**Task to carry out**
Your copy should match the listing word for word, apart from the pictures, which are left out.

Start of Material provided

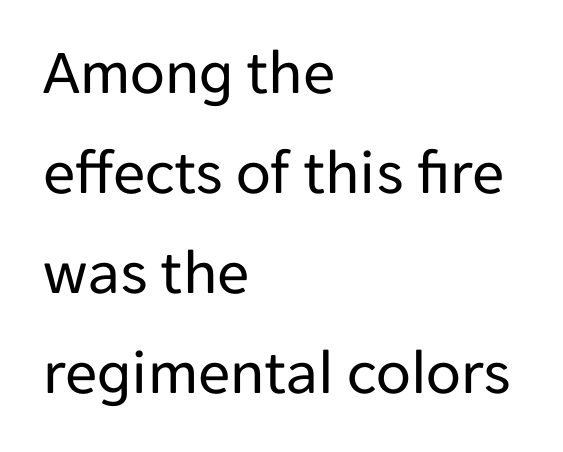
Q: Is the text bold? A: No.
Q: Is the text italic (slanted)? A: No, it is upright.
Q: Is the typeface a serif or a sans-serif typeface? A: Sans-serif.
Q: Is the text underlined? A: No.
Q: How is the paragraph aligned? A: Left-aligned.
Q: Is the spacing between letters normal or unusually wide? A: Normal.
Q: Is the spacing between lines tight, normal or loose? A: Normal.
Q: Width (condensed, normal, or wide)? A: Normal.
Q: Stroke contrast? A: Low.
Q: x-height? A: Medium.
Q: Monospaced? A: No.
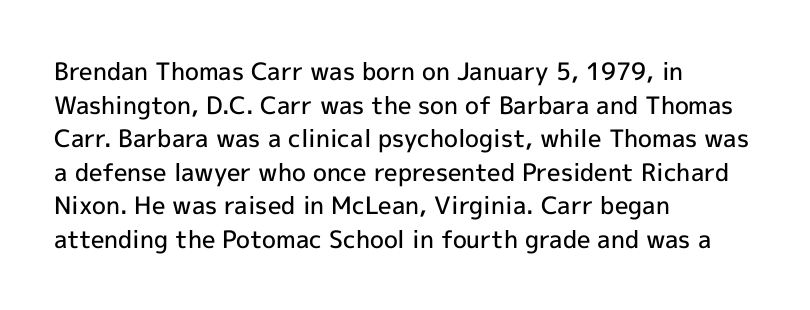
{"italic": "no", "bold": "semi", "underline": "no", "align": "left", "line_spacing": "normal", "line_spacing_ratio": 1.4, "letter_spacing": "normal", "letter_spacing_em": 0.0, "glyph_px": 24}
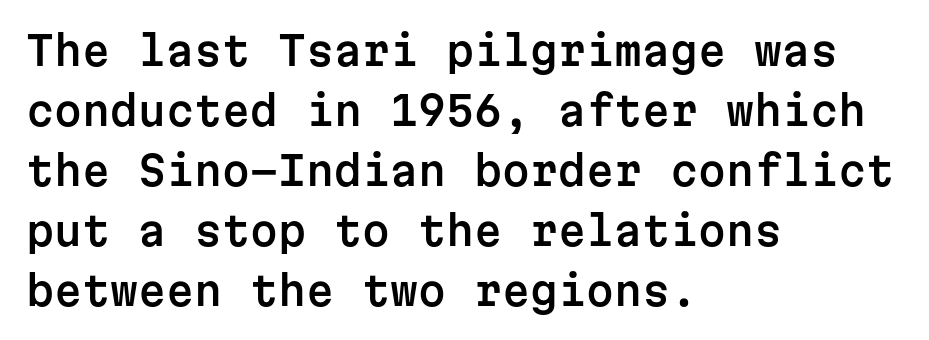
{"serif": "no", "italic": "no", "width": "normal", "stroke_contrast": "low", "x_height": "medium", "monospaced": "yes", "underline": "no", "align": "left", "line_spacing": "normal", "line_spacing_ratio": 1.5, "letter_spacing": "normal", "letter_spacing_em": 0.0, "glyph_px": 40}
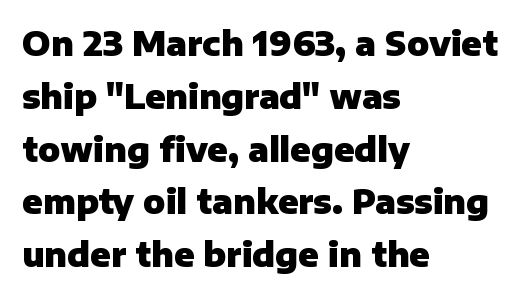
{"serif": "no", "italic": "no", "bold": "yes", "weight": "heavy", "width": "normal", "stroke_contrast": "low", "x_height": "medium", "monospaced": "no", "underline": "no", "align": "left", "line_spacing": "normal", "line_spacing_ratio": 1.6, "letter_spacing": "normal", "letter_spacing_em": 0.0, "glyph_px": 33}
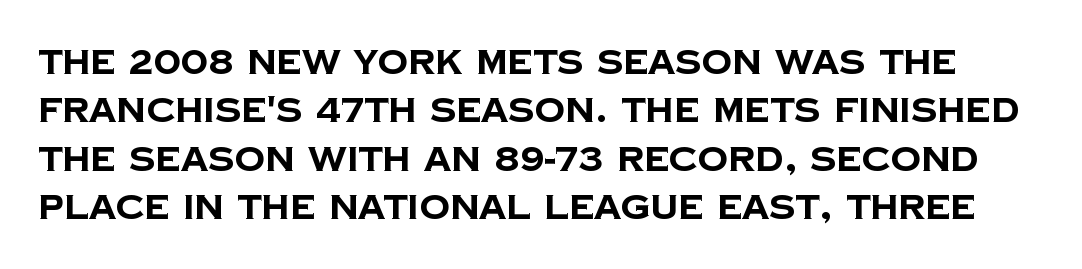
The image shows 34 px bold sans-serif type; set normal line spacing (1.42x), normal letter spacing, not underlined; low stroke contrast and a large x-height.
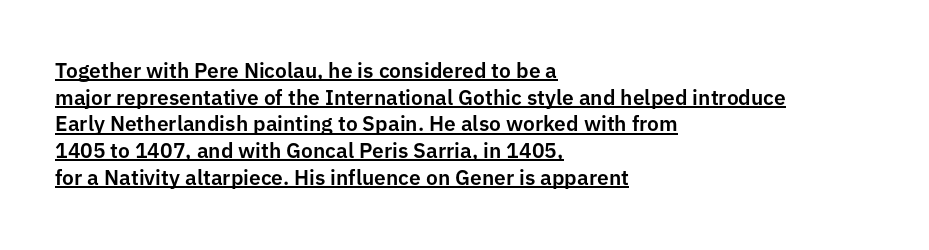
{"italic": "no", "underline": "yes", "align": "left", "line_spacing": "normal", "line_spacing_ratio": 1.27, "letter_spacing": "normal", "letter_spacing_em": 0.0, "glyph_px": 21}
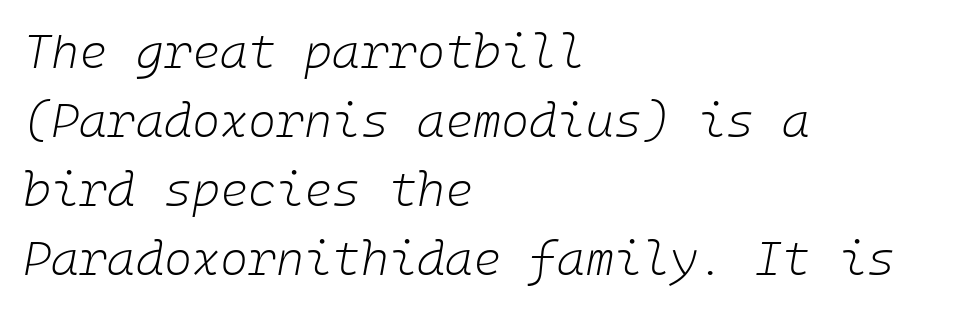
{"italic": "yes", "lean": "right", "slant_degrees": 10, "bold": "no", "weight": "light", "width": "normal", "stroke_contrast": "low", "x_height": "medium", "underline": "no", "align": "left", "line_spacing": "normal", "line_spacing_ratio": 1.44, "letter_spacing": "normal", "letter_spacing_em": 0.0, "glyph_px": 48}
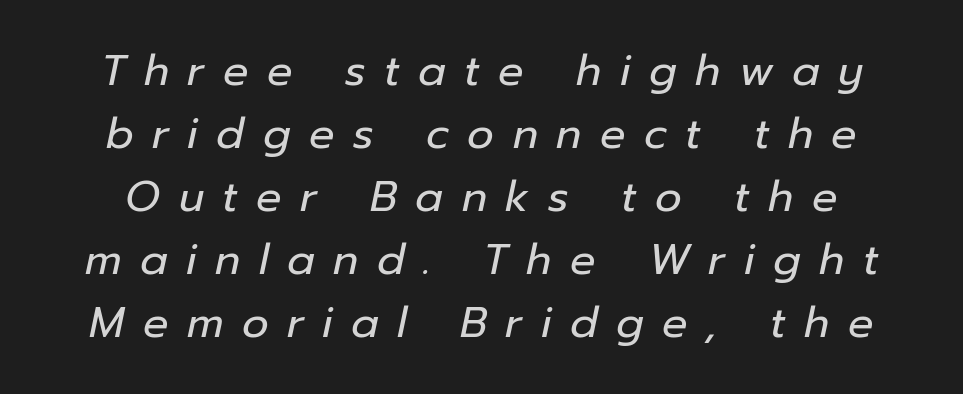
{"italic": "yes", "lean": "right", "slant_degrees": 12, "bold": "no", "weight": "regular", "width": "normal", "stroke_contrast": "low", "x_height": "medium", "monospaced": "no", "underline": "no", "align": "center", "line_spacing": "normal", "line_spacing_ratio": 1.5, "letter_spacing": "wide", "letter_spacing_em": 0.44, "glyph_px": 42}
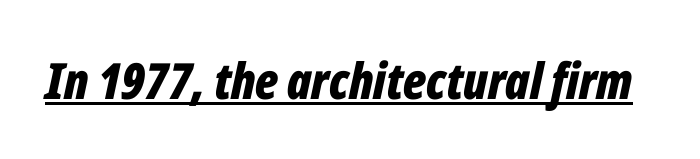
Short note: letters normally spaced. You could not count columns in this text — the font is proportionally spaced. Beneath each row of characters lies a ruled line. Slanted lettering throughout. The glyphs have the mass of a bold cut.
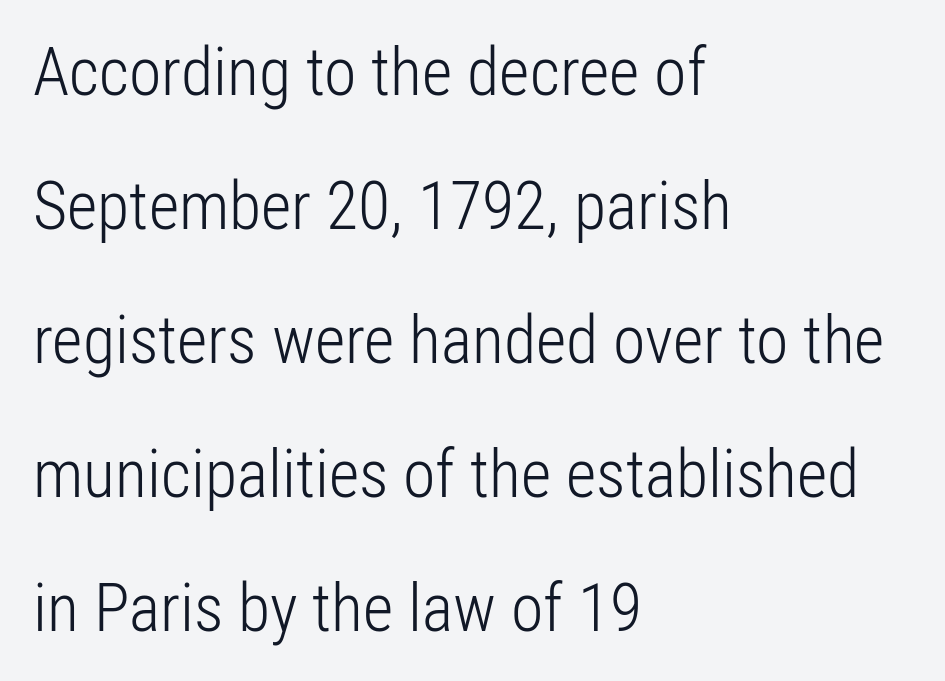
The image shows 66 px light, condensed sans-serif type, upright; set left-aligned, loose line spacing (2.03x), normal letter spacing, not underlined; low stroke contrast and a medium x-height.

End of Material provided

**Output for this exercise**
Q: Is the text bold? A: No.
Q: Is the text italic (slanted)? A: No, it is upright.
Q: Is the typeface a serif or a sans-serif typeface? A: Sans-serif.
Q: Is the text underlined? A: No.
Q: How is the paragraph aligned? A: Left-aligned.
Q: Is the spacing between letters normal or unusually wide? A: Normal.
Q: Is the spacing between lines tight, normal or loose? A: Normal.
Q: Width (condensed, normal, or wide)? A: Normal.
Q: Stroke contrast? A: Low.
Q: x-height? A: Medium.
Q: Monospaced? A: No.
{"italic": "no", "bold": "semi", "underline": "no", "align": "left", "line_spacing": "normal", "line_spacing_ratio": 1.4, "letter_spacing": "normal", "letter_spacing_em": 0.0, "glyph_px": 24}
{"serif": "no", "italic": "no", "width": "normal", "stroke_contrast": "low", "x_height": "medium", "monospaced": "yes", "underline": "no", "align": "left", "line_spacing": "normal", "line_spacing_ratio": 1.5, "letter_spacing": "normal", "letter_spacing_em": 0.0, "glyph_px": 40}
{"serif": "no", "italic": "no", "bold": "yes", "weight": "heavy", "width": "normal", "stroke_contrast": "low", "x_height": "medium", "monospaced": "no", "underline": "no", "align": "left", "line_spacing": "normal", "line_spacing_ratio": 1.6, "letter_spacing": "normal", "letter_spacing_em": 0.0, "glyph_px": 33}
The image shows 34 px bold sans-serif type; set normal line spacing (1.42x), normal letter spacing, not underlined; low stroke contrast and a large x-height.
{"italic": "no", "underline": "yes", "align": "left", "line_spacing": "normal", "line_spacing_ratio": 1.27, "letter_spacing": "normal", "letter_spacing_em": 0.0, "glyph_px": 21}
{"italic": "yes", "lean": "right", "slant_degrees": 10, "bold": "no", "weight": "light", "width": "normal", "stroke_contrast": "low", "x_height": "medium", "underline": "no", "align": "left", "line_spacing": "normal", "line_spacing_ratio": 1.44, "letter_spacing": "normal", "letter_spacing_em": 0.0, "glyph_px": 48}
{"italic": "yes", "lean": "right", "slant_degrees": 12, "bold": "no", "weight": "regular", "width": "normal", "stroke_contrast": "low", "x_height": "medium", "monospaced": "no", "underline": "no", "align": "center", "line_spacing": "normal", "line_spacing_ratio": 1.5, "letter_spacing": "wide", "letter_spacing_em": 0.44, "glyph_px": 42}
Short note: letters normally spaced. You could not count columns in this text — the font is proportionally spaced. Beneath each row of characters lies a ruled line. Slanted lettering throughout. The glyphs have the mass of a bold cut.
The image shows 66 px light, condensed sans-serif type, upright; set left-aligned, loose line spacing (2.03x), normal letter spacing, not underlined; low stroke contrast and a medium x-height.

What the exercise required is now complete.